(TASK GOAL) Write out every record below exactly as it appears, omitting the pictures.

Extracted data entries:
☆ ☆ ☆ ☆ ☆ ☆ ☆

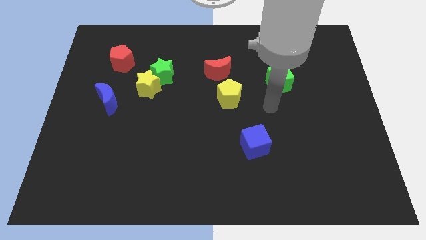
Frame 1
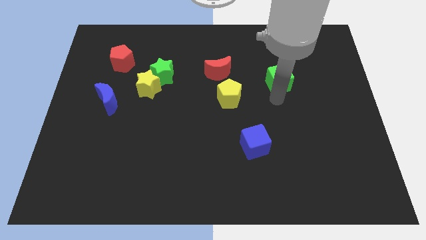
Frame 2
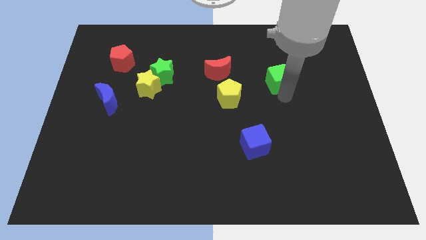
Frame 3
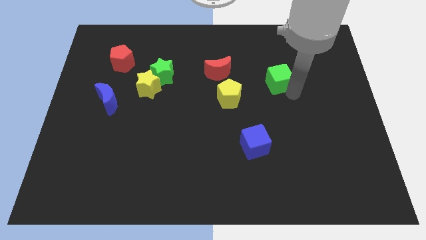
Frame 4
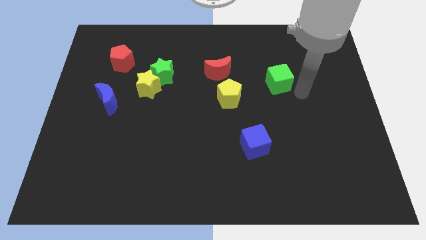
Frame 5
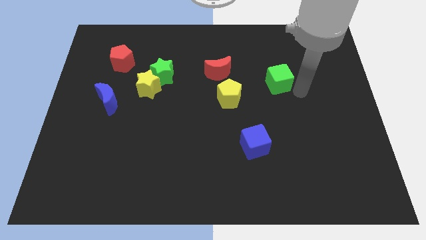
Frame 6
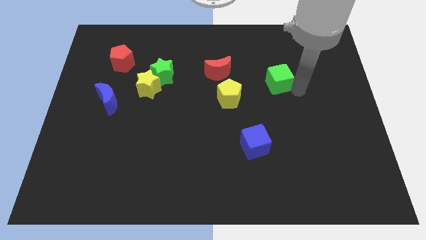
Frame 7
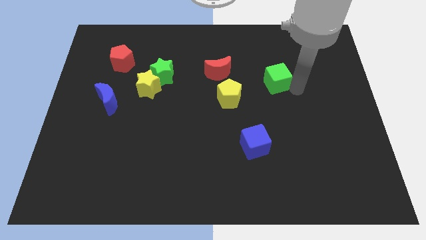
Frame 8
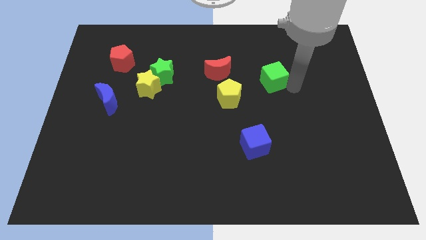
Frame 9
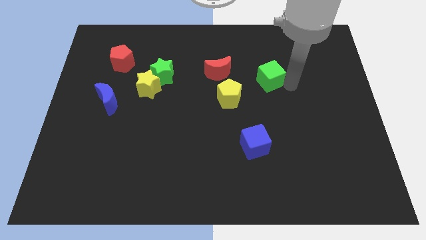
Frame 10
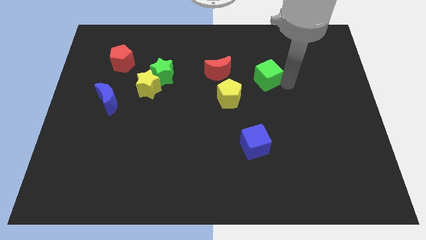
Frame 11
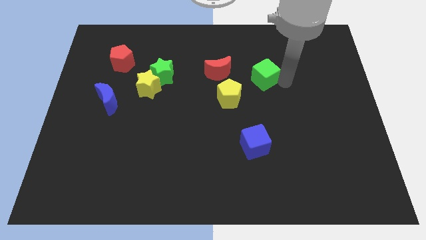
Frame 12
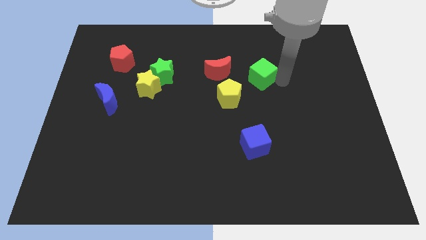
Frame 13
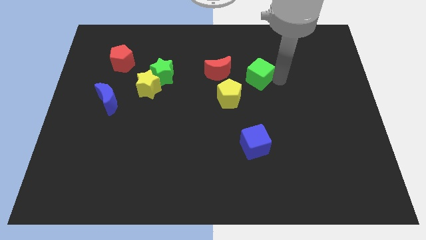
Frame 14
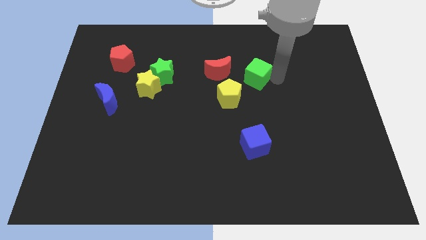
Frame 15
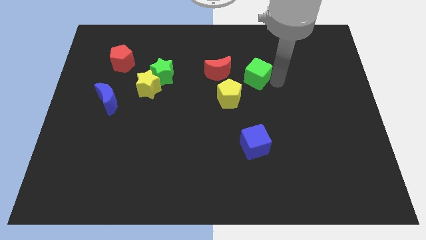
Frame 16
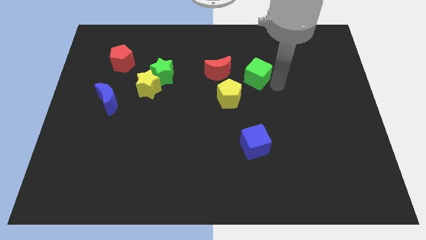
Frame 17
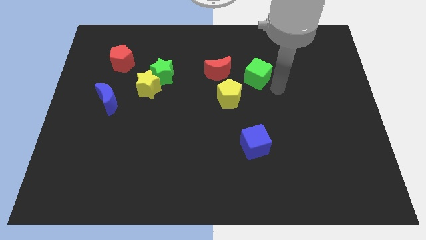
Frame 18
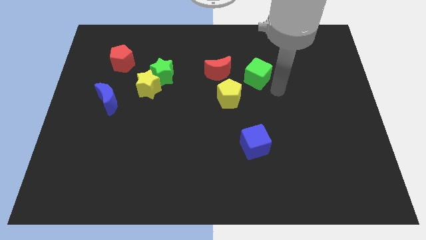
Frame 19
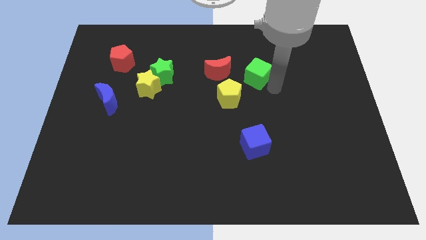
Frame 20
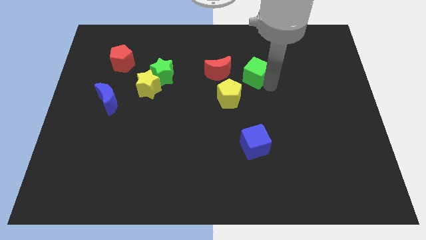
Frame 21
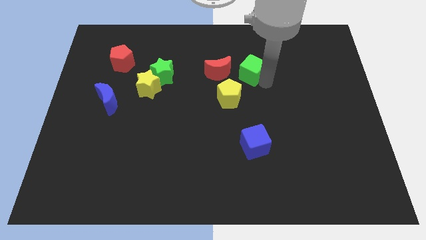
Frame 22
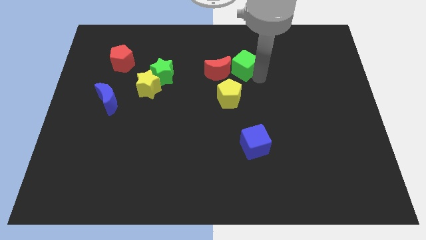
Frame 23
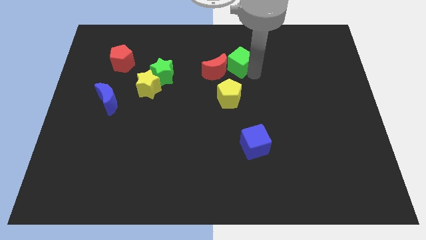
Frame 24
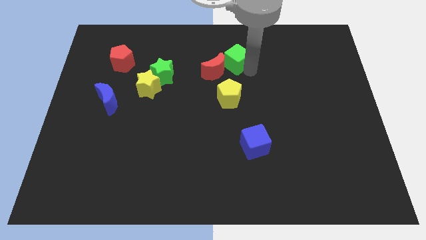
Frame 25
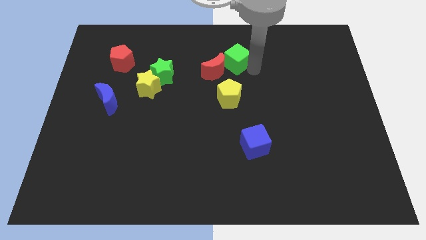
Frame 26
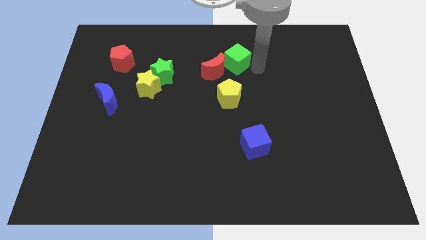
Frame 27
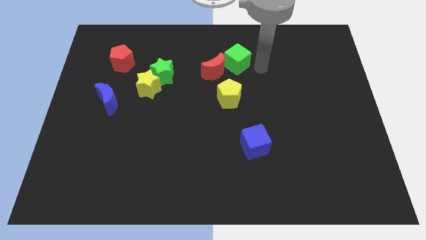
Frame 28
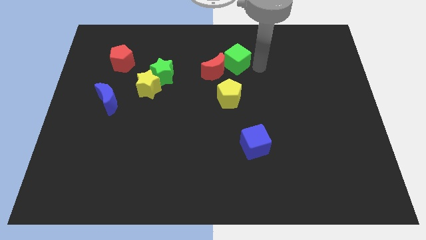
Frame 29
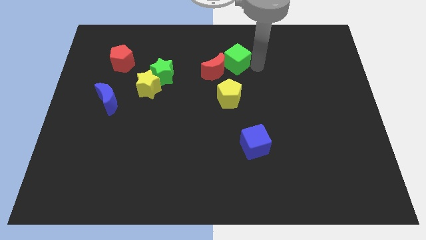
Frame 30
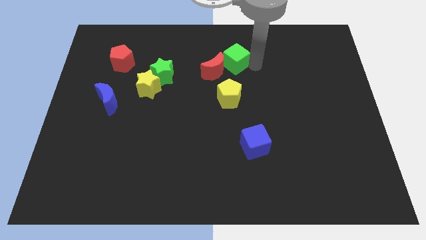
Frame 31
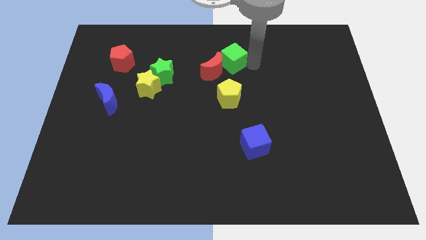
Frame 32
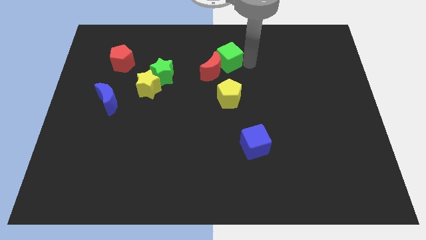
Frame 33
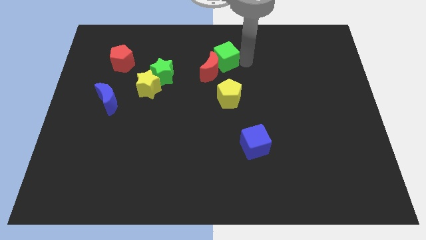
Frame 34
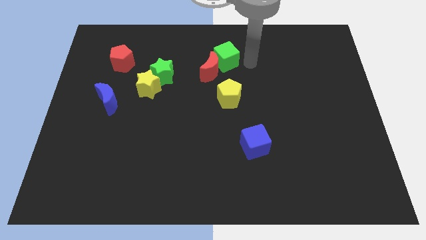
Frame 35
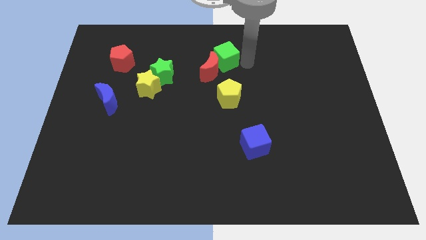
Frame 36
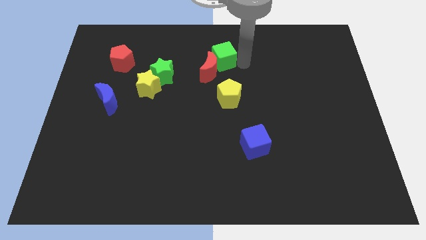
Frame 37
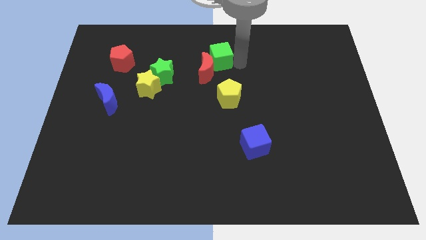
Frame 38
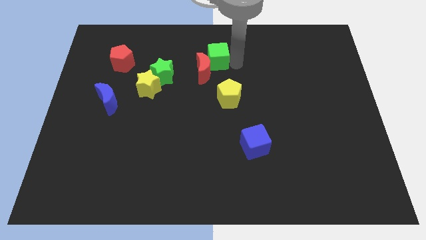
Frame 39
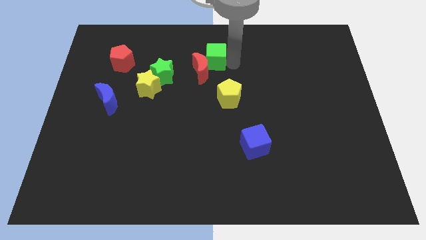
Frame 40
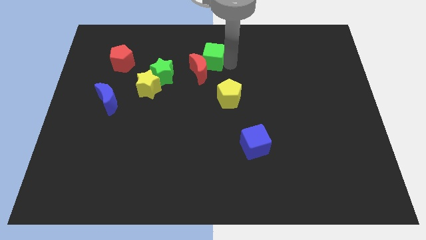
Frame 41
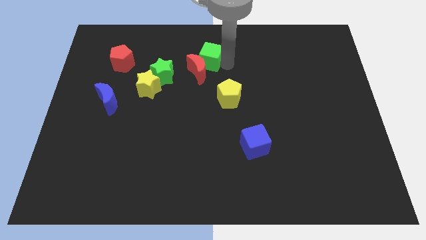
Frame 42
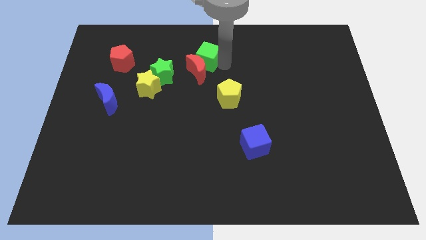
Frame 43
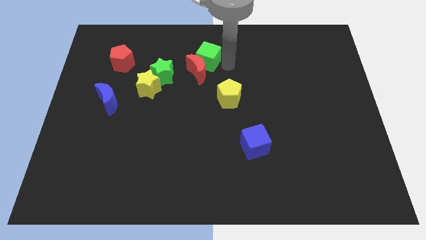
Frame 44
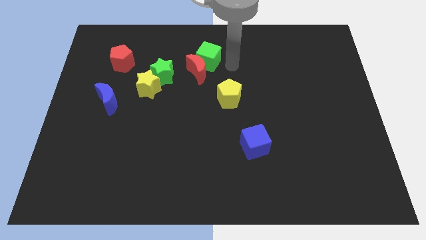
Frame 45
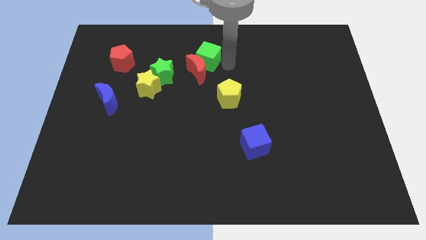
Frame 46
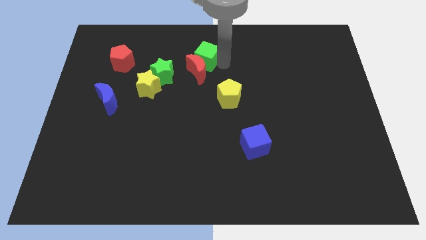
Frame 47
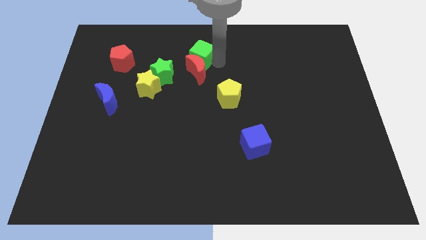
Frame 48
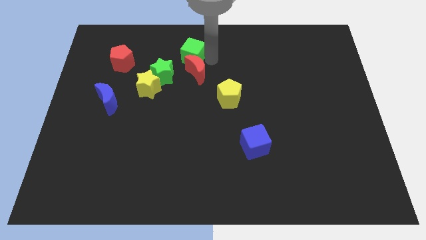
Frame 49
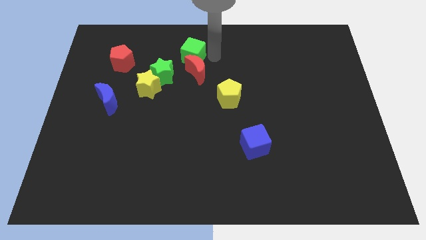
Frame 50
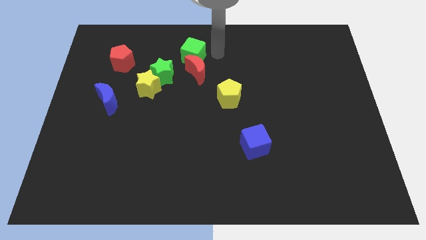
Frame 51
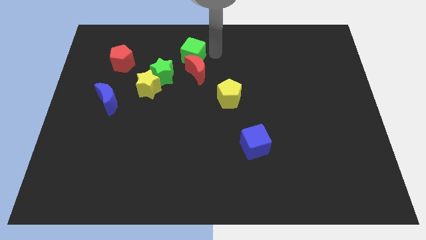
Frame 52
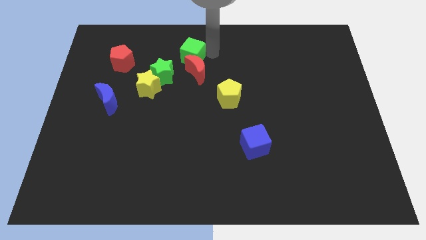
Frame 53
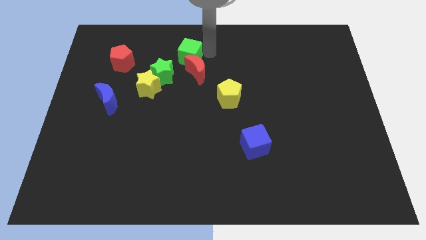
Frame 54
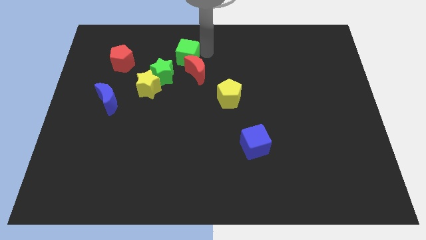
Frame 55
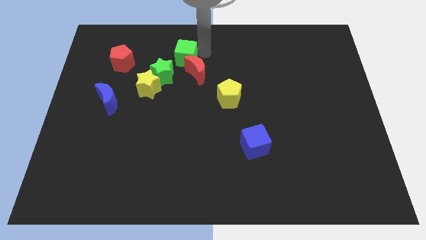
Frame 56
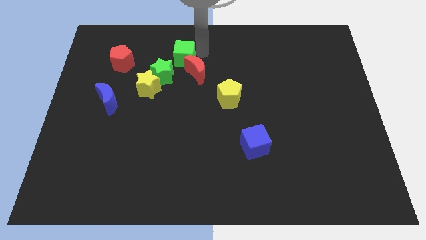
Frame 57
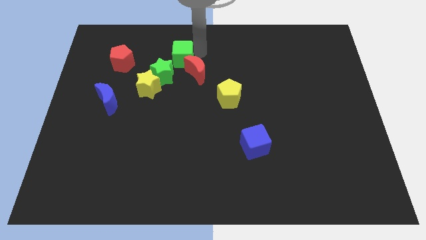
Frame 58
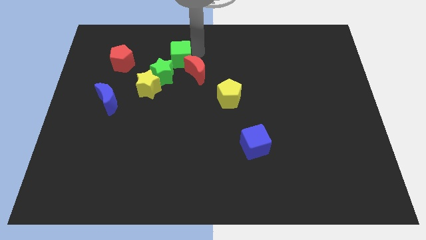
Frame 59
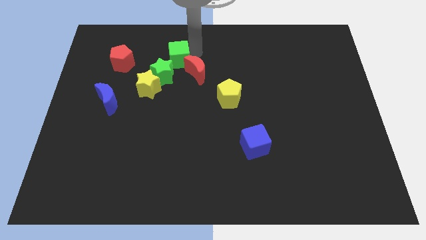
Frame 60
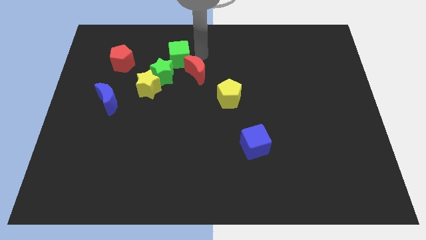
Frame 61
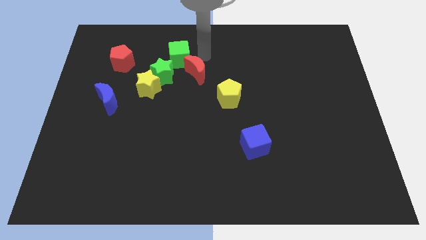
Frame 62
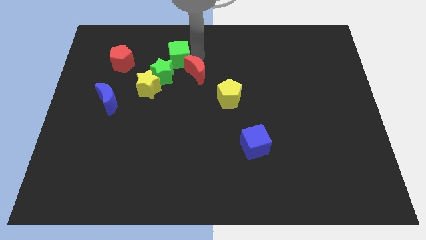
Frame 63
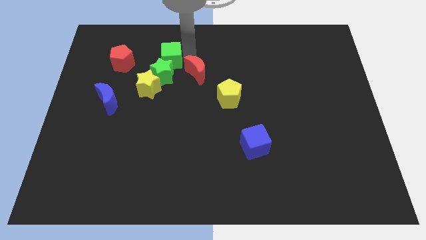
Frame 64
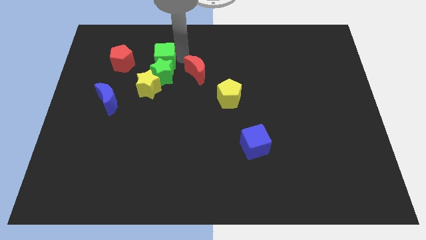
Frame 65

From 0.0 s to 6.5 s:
push the green cube to the top left of the green star

☆ ☆ ☆ ☆ ☆ ☆ ☆

(TASK OUTPUT)
Frame 1
Frame 2
Frame 3
Frame 4
Frame 5
Frame 6
Frame 7
Frame 8
Frame 9
Frame 10
Frame 11
Frame 12
Frame 13
Frame 14
Frame 15
Frame 16
Frame 17
Frame 18
Frame 19
Frame 20
Frame 21
Frame 22
Frame 23
Frame 24
Frame 25
Frame 26
Frame 27
Frame 28
Frame 29
Frame 30
Frame 31
Frame 32
Frame 33
Frame 34
Frame 35
Frame 36
Frame 37
Frame 38
Frame 39
Frame 40
Frame 41
Frame 42
Frame 43
Frame 44
Frame 45
Frame 46
Frame 47
Frame 48
Frame 49
Frame 50
Frame 51
Frame 52
Frame 53
Frame 54
Frame 55
Frame 56
Frame 57
Frame 58
Frame 59
Frame 60
Frame 61
Frame 62
Frame 63
Frame 64
Frame 65

From 0.0 s to 6.5 s:
push the green cube to the top left of the green star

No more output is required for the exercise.